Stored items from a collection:

* * * * *

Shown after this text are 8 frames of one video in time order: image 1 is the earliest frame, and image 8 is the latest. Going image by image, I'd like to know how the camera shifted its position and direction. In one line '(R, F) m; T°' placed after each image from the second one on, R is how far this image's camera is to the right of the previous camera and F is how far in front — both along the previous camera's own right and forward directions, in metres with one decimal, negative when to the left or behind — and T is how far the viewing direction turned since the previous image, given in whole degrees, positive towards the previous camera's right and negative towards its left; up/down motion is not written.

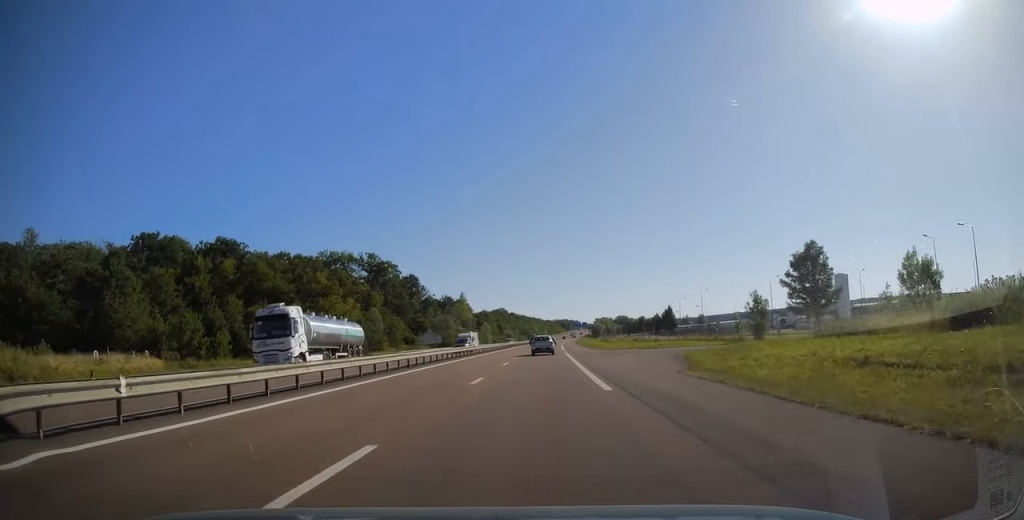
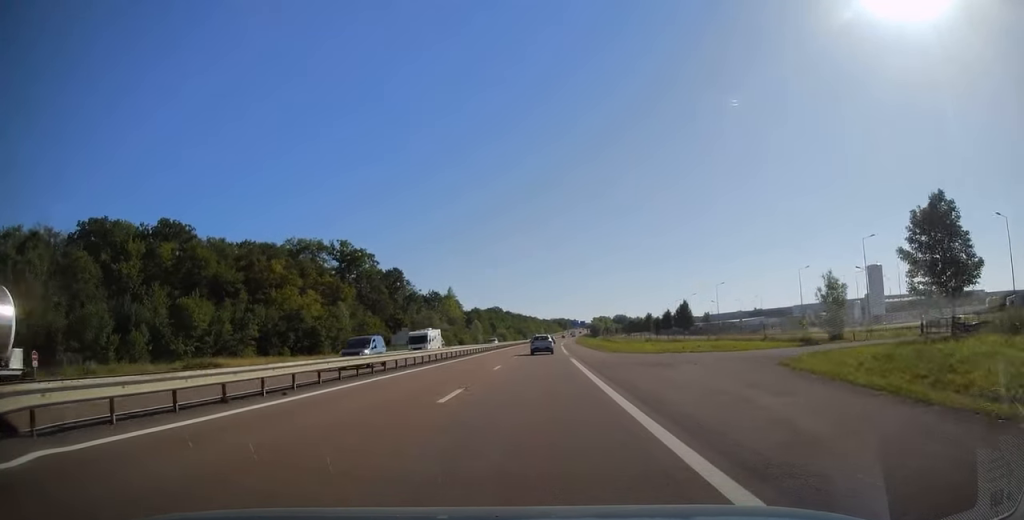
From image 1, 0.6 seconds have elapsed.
(+0.1, +18.1) m; 0°
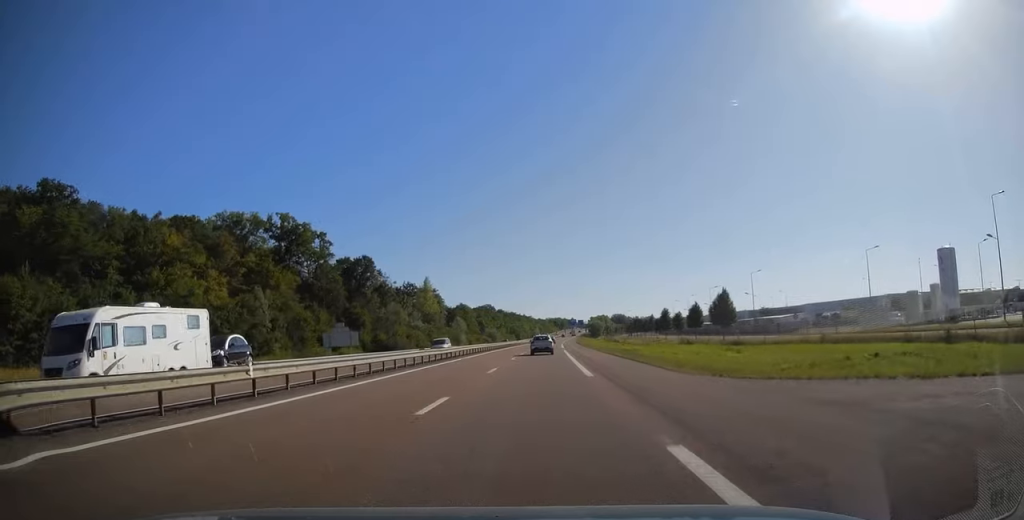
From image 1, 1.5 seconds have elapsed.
(+0.1, +28.4) m; 0°
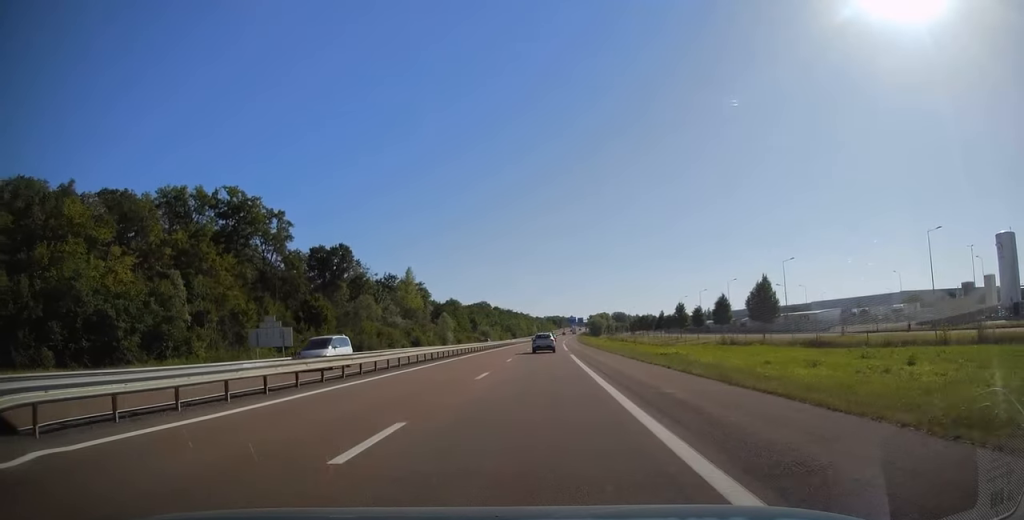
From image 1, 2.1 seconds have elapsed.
(0.0, +17.5) m; 0°
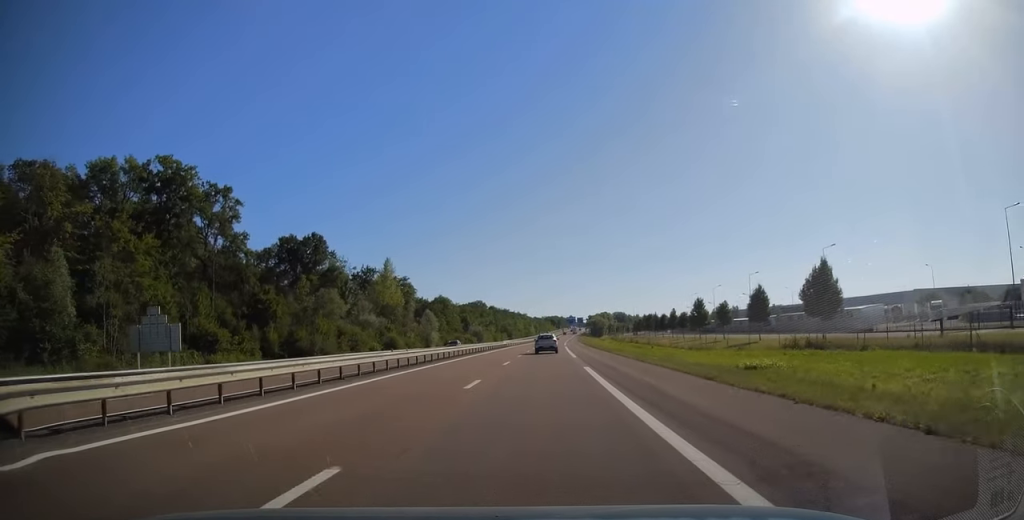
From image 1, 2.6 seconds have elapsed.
(0.0, +16.5) m; 0°
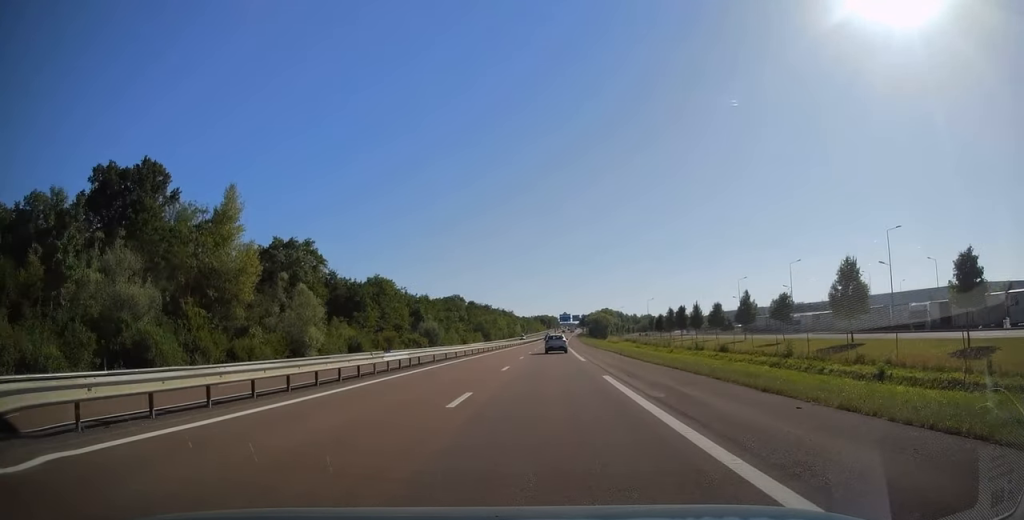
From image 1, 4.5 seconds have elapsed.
(+0.6, +57.3) m; +1°
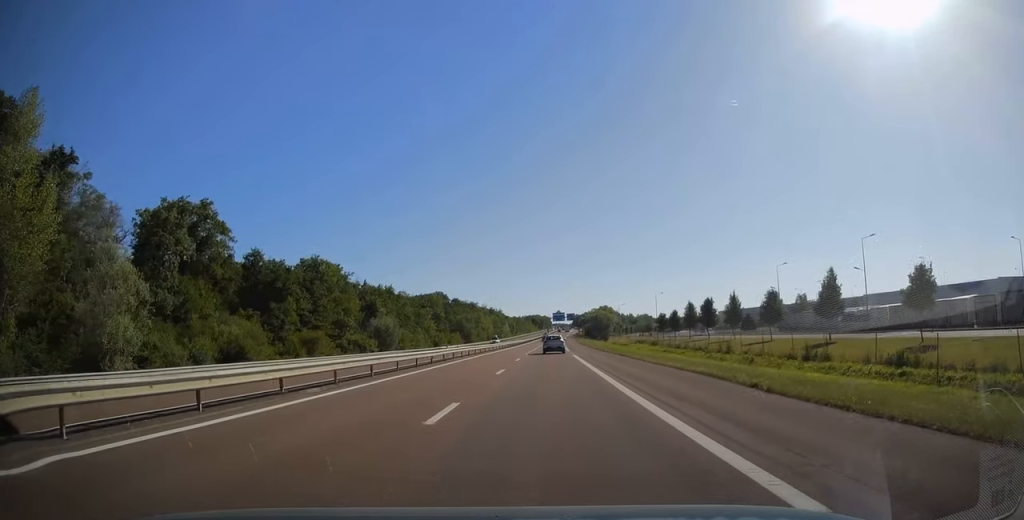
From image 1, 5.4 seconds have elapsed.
(+0.1, +28.2) m; +1°
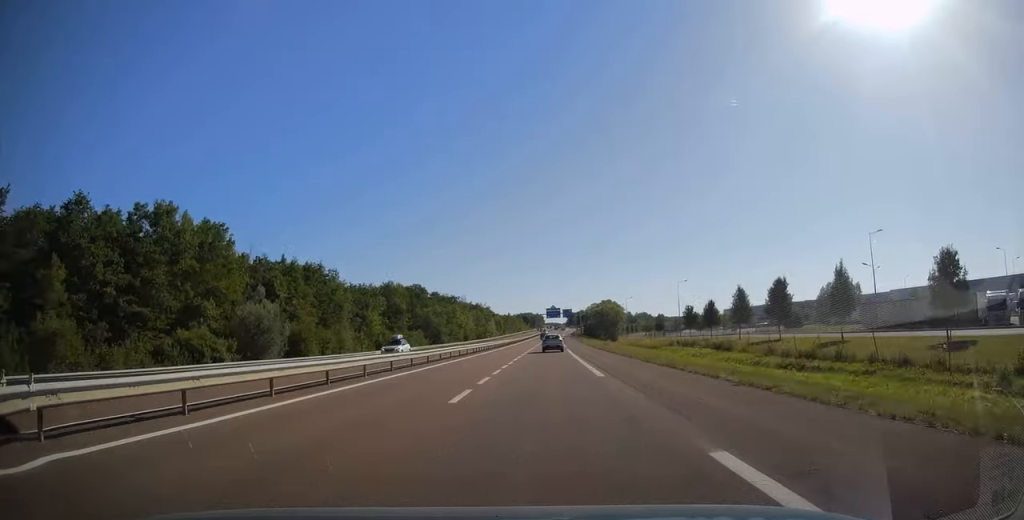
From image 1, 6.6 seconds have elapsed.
(+0.5, +36.2) m; +1°

* * * * *

• _WORK REQUEST_
The line containing "From image 1, 2.6 seconds have elapsed." and every line after it, up to the last line of the data, should be returned exactly, without the pictures.

• _EXERCISE RESPONSE_
From image 1, 2.6 seconds have elapsed.
(0.0, +16.5) m; 0°
From image 1, 4.5 seconds have elapsed.
(+0.6, +57.3) m; +1°
From image 1, 5.4 seconds have elapsed.
(+0.1, +28.2) m; +1°
From image 1, 6.6 seconds have elapsed.
(+0.5, +36.2) m; +1°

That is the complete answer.